What a precious little baby! He looks so sweet and absolutely gorgeous!!


----------



## Tanner's Mom (May 27, 2005)

What a sweet little boy. I'm so glad he's with y'all.


----------



## Katkoota (Feb 18, 2006)

Bless him :wub: i am very happy that he is in the loving home now :wub:


----------



## MoonDog (Jun 6, 2011)

Awww, Hunter is adorable! This video made me smile.


----------



## plenty pets 20 (Jul 8, 2006)

Great job once again Bron. A great save and great video. I think this boy should come to Fort Bragg. LOL He is darling. 
He is getting his dental done today to extract the rest of his rotten teeth and I hope he does well.


----------



## romeo&juliet (Jun 23, 2011)

OMG hunter is just the cutest little handsome boy i want to just save them all oh hes so adorable :wub::wub::wub:


----------



## Malt Shoppe (Jul 20, 2011)

It doesn't matter who these precious Maltese dogs belong to; I fall in love with everyone of them...all of YOURS on SM and all the rescued ones.....I can't help it, they are all so precious.

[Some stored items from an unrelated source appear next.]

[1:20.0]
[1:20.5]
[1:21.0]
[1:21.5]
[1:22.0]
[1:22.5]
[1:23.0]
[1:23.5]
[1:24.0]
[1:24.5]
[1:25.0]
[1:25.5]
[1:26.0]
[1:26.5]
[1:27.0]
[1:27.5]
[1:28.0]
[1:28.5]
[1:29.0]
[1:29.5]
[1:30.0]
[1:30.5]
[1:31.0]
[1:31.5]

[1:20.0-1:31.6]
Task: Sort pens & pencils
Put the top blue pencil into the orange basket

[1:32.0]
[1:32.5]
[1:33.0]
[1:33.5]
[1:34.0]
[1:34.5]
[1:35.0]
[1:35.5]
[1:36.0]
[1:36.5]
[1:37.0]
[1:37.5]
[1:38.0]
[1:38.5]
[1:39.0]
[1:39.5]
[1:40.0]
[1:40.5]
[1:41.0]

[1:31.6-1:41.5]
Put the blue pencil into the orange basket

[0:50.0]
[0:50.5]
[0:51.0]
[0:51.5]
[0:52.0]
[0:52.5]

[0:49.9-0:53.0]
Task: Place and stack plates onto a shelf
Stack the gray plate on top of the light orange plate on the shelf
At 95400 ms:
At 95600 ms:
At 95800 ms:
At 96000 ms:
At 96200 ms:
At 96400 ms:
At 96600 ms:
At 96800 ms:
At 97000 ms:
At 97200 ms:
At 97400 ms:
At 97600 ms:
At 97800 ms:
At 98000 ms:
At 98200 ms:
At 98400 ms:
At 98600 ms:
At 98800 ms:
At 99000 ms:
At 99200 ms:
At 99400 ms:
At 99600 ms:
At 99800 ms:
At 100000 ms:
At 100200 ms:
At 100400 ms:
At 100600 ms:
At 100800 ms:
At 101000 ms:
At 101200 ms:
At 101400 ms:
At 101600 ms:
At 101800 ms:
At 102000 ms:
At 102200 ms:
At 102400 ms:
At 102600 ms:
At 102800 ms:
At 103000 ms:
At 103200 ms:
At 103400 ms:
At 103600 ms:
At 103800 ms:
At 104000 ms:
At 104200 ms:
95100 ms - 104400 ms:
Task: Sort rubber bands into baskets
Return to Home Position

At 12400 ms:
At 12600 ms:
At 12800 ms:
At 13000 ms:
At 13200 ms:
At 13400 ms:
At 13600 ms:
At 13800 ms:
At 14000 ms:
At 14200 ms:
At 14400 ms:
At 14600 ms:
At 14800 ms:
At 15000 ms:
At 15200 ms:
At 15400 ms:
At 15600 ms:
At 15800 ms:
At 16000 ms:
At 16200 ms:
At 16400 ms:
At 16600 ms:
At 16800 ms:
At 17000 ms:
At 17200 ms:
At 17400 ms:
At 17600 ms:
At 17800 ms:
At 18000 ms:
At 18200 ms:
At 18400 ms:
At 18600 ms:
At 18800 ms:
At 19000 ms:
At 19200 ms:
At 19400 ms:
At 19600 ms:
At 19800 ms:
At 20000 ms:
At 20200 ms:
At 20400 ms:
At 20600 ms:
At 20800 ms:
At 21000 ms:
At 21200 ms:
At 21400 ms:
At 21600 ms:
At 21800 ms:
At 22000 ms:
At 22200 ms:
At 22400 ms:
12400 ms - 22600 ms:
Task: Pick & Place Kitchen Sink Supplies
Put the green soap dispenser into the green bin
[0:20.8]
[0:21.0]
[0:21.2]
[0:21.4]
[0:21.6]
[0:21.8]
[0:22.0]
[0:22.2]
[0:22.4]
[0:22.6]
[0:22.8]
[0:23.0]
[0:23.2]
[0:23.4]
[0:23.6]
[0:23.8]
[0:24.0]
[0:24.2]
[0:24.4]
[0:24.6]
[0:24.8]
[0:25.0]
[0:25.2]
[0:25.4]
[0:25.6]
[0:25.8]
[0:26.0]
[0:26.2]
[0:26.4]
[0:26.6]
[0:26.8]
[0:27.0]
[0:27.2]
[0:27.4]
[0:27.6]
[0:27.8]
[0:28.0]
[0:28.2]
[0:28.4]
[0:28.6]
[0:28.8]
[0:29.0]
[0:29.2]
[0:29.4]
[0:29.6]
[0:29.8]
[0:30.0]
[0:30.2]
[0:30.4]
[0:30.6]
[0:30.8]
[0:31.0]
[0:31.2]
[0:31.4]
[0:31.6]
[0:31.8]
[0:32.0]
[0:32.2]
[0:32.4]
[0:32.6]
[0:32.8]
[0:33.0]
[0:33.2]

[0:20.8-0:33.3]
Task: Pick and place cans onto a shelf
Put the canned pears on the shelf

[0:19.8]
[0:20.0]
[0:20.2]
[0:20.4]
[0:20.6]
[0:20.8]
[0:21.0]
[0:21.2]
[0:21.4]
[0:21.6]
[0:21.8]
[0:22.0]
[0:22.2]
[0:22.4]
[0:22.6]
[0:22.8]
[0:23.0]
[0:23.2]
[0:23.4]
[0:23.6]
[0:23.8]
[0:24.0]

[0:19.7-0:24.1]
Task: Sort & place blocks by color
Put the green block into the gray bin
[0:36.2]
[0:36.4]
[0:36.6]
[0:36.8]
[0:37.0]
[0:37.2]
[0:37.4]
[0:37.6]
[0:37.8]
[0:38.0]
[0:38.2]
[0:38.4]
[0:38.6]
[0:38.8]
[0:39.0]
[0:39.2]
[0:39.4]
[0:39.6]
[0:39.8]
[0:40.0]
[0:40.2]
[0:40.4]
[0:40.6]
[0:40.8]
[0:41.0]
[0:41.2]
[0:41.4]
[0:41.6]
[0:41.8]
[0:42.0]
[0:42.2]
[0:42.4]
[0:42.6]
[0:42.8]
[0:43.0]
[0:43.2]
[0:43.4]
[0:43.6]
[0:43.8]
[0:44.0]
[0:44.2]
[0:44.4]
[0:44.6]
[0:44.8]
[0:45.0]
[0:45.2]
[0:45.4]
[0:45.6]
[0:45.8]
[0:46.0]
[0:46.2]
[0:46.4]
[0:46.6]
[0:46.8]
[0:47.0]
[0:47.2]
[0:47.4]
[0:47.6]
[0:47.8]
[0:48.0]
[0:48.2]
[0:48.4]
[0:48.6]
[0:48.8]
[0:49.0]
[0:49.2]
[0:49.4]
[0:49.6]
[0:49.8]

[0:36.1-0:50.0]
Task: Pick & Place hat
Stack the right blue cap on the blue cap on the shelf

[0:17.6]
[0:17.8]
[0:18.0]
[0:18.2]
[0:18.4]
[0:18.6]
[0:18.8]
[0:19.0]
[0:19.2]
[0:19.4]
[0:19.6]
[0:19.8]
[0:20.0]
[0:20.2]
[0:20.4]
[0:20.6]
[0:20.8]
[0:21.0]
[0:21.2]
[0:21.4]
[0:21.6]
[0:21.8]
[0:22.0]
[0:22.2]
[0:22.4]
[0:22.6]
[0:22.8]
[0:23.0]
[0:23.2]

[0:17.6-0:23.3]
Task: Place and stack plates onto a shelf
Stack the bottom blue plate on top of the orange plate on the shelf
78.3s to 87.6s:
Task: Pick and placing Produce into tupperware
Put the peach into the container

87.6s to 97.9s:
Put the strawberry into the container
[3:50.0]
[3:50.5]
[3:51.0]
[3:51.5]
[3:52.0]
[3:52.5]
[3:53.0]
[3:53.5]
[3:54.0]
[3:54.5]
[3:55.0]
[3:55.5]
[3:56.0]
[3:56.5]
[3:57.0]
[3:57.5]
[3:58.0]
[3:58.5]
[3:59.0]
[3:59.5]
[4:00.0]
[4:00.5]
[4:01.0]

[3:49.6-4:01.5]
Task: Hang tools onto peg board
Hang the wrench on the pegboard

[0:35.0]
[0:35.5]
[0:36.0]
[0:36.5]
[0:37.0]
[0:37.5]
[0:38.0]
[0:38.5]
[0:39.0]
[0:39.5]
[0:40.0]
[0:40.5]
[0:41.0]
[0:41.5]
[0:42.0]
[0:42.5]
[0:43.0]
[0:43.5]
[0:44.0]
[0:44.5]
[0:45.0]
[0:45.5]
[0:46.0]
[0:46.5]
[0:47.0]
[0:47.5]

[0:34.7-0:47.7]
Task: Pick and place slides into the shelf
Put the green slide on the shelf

Whoever ends up with Hunter is truly blessed; he's a sweetheart.

A job well done......


----------



## 4furkidsmom (Nov 29, 2009)

*hunter adoption*

I live in Tucson and would like to adopt Hunter. Not sure who to contact...did not see him on the AMA site or petfinder. Can someone give me further info. thank you!


----------